Source records
- - -

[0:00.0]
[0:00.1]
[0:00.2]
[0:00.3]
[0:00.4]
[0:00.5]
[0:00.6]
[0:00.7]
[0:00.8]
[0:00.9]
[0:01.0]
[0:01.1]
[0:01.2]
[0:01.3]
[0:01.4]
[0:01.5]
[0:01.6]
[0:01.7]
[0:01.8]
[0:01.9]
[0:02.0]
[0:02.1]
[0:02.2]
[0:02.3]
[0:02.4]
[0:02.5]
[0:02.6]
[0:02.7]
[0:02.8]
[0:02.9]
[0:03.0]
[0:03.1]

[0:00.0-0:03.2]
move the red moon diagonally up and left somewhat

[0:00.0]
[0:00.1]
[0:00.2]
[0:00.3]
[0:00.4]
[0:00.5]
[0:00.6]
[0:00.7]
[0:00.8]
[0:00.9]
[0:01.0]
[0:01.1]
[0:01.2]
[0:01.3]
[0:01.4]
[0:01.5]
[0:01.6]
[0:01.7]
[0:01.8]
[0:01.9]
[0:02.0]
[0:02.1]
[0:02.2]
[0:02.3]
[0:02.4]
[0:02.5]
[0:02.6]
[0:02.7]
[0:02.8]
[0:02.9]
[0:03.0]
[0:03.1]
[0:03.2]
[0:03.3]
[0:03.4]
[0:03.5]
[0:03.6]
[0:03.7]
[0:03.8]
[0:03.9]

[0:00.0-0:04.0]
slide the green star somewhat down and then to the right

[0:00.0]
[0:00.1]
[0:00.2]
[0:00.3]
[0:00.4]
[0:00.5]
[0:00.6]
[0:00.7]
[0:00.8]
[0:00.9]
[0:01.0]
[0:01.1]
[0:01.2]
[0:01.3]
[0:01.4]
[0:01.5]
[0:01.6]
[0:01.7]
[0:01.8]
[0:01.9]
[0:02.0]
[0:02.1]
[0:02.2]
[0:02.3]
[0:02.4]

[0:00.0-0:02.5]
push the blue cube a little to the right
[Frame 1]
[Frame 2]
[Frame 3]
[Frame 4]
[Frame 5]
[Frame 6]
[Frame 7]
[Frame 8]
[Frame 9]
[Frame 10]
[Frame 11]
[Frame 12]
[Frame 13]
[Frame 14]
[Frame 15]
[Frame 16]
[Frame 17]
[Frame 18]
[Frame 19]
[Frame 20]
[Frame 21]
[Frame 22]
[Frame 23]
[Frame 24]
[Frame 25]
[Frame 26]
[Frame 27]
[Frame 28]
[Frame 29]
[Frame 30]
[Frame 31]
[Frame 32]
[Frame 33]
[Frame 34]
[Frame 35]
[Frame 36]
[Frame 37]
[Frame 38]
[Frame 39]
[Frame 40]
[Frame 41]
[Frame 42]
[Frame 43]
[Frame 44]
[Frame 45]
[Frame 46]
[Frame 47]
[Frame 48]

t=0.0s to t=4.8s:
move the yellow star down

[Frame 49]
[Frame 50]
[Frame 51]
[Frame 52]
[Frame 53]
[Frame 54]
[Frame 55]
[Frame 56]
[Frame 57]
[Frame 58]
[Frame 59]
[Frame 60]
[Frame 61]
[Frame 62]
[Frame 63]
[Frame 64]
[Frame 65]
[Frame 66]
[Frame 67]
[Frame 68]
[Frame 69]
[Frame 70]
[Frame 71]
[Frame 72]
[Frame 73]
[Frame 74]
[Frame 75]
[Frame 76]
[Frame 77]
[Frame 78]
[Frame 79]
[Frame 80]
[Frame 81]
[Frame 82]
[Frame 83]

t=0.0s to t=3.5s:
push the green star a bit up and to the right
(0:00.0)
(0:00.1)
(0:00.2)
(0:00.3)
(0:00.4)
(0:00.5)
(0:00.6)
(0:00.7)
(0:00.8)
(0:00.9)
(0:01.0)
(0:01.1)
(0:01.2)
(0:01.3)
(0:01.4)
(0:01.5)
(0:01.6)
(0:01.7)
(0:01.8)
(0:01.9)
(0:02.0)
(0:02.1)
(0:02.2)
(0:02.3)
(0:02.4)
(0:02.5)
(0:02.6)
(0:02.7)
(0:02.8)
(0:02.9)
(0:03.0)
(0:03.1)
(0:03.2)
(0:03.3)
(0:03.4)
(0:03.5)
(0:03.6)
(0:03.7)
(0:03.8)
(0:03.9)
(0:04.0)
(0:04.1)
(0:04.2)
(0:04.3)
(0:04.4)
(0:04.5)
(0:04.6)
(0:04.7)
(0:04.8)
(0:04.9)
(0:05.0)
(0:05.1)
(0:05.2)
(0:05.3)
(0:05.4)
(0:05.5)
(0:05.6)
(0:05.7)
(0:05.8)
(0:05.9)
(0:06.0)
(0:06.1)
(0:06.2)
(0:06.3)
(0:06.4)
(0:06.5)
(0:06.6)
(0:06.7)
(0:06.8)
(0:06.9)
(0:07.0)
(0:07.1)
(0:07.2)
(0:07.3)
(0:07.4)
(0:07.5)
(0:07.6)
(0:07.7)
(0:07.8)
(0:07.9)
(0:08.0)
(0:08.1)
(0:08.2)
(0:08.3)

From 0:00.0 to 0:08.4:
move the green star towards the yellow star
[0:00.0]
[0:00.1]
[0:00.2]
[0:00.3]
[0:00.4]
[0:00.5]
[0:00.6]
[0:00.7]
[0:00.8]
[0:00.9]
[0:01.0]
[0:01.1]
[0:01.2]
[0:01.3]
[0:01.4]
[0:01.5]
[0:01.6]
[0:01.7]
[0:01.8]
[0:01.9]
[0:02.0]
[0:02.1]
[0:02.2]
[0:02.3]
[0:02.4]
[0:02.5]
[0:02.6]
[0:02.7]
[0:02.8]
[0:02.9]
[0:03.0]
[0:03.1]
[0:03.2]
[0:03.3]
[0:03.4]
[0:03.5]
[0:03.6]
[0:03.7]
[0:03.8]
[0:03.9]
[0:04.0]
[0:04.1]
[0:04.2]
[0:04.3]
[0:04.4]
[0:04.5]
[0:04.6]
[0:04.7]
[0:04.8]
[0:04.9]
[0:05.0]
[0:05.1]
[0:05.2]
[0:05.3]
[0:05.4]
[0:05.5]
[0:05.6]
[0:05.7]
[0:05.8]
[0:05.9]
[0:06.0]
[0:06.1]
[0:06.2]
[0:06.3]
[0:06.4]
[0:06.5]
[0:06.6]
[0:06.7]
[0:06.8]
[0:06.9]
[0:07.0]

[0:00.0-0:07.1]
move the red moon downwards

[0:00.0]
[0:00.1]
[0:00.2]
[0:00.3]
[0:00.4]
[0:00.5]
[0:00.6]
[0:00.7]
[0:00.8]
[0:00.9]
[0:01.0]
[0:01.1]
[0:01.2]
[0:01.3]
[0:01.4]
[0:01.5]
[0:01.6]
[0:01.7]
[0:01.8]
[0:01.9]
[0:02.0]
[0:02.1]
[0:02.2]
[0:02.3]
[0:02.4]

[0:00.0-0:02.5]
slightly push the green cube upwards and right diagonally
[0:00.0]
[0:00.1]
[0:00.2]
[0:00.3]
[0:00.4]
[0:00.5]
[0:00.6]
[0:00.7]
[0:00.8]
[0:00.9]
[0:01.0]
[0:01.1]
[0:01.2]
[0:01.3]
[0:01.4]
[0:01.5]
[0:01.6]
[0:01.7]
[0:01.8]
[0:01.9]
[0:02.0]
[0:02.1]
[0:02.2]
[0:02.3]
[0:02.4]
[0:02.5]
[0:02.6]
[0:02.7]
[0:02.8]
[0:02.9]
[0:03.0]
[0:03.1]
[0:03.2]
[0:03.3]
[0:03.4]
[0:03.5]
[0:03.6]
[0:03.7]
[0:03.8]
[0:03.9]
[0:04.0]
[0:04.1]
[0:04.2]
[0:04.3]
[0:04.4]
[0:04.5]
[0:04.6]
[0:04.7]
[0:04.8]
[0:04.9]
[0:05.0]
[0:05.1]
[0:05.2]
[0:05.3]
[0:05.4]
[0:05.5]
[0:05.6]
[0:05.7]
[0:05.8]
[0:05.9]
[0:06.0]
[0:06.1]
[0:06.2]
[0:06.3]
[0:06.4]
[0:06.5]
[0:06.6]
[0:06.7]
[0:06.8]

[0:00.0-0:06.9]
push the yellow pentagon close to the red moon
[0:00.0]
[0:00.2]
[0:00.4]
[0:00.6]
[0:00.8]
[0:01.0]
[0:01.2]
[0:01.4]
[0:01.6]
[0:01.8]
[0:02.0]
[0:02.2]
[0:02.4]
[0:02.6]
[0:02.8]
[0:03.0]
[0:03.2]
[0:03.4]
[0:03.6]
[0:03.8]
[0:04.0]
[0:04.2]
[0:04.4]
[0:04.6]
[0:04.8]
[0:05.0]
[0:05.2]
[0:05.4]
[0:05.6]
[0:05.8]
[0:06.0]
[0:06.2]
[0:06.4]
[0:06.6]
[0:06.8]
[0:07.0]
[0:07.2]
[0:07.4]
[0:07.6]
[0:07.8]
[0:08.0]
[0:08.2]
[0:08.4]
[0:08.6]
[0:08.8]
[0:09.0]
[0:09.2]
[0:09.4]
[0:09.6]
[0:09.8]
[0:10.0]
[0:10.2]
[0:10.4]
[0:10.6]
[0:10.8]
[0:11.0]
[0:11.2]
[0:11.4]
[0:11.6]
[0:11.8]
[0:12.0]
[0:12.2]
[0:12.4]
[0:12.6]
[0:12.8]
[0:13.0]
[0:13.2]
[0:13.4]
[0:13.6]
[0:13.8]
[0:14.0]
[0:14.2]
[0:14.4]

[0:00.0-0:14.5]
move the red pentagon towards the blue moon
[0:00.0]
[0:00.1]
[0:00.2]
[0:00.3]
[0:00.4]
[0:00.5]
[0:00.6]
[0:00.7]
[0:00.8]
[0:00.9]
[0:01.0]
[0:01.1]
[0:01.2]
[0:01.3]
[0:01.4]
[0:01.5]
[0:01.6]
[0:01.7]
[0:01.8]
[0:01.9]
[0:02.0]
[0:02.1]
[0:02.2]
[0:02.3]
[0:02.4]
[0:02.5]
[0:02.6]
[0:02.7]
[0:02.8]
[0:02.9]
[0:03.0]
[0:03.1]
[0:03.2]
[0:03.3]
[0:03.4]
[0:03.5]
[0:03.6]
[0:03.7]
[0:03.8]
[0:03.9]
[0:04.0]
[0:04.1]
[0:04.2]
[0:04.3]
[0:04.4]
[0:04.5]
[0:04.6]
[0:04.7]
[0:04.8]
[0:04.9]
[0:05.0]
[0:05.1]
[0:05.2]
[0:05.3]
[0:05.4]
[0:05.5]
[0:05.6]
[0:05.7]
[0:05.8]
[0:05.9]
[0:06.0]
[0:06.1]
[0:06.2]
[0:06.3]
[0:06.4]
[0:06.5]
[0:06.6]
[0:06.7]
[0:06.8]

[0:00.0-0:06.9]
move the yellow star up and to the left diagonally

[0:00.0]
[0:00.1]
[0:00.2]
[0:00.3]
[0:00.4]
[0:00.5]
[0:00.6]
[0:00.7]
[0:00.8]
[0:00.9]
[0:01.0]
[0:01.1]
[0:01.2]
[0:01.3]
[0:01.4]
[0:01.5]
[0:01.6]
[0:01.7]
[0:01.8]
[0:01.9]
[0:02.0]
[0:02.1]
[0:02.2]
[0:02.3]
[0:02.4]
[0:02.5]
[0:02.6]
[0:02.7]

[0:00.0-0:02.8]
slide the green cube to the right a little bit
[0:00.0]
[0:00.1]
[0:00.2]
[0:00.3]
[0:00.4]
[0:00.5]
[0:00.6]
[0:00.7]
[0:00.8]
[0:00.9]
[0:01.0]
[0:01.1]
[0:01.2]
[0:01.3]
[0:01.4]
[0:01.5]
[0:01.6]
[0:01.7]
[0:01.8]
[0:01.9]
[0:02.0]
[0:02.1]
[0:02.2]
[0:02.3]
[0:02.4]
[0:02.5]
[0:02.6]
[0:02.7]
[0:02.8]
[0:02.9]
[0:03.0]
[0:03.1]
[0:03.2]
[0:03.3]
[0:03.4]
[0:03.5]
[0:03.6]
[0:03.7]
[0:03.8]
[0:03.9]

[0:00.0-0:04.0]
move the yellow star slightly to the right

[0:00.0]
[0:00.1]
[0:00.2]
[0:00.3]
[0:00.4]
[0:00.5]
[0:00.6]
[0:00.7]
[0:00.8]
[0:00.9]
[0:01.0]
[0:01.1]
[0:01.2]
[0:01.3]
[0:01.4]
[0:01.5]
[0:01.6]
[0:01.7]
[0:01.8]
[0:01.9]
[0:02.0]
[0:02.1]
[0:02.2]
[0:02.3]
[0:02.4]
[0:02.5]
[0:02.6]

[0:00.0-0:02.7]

- - -

**Aim of the task:** Repeat exactly the lines from the one containing "[0:00.0-0:02.8]" to the end of the records.

**Answer to this task:**
[0:00.0-0:02.8]
slide the green cube to the right a little bit
[0:00.0]
[0:00.1]
[0:00.2]
[0:00.3]
[0:00.4]
[0:00.5]
[0:00.6]
[0:00.7]
[0:00.8]
[0:00.9]
[0:01.0]
[0:01.1]
[0:01.2]
[0:01.3]
[0:01.4]
[0:01.5]
[0:01.6]
[0:01.7]
[0:01.8]
[0:01.9]
[0:02.0]
[0:02.1]
[0:02.2]
[0:02.3]
[0:02.4]
[0:02.5]
[0:02.6]
[0:02.7]
[0:02.8]
[0:02.9]
[0:03.0]
[0:03.1]
[0:03.2]
[0:03.3]
[0:03.4]
[0:03.5]
[0:03.6]
[0:03.7]
[0:03.8]
[0:03.9]

[0:00.0-0:04.0]
move the yellow star slightly to the right

[0:00.0]
[0:00.1]
[0:00.2]
[0:00.3]
[0:00.4]
[0:00.5]
[0:00.6]
[0:00.7]
[0:00.8]
[0:00.9]
[0:01.0]
[0:01.1]
[0:01.2]
[0:01.3]
[0:01.4]
[0:01.5]
[0:01.6]
[0:01.7]
[0:01.8]
[0:01.9]
[0:02.0]
[0:02.1]
[0:02.2]
[0:02.3]
[0:02.4]
[0:02.5]
[0:02.6]

[0:00.0-0:02.7]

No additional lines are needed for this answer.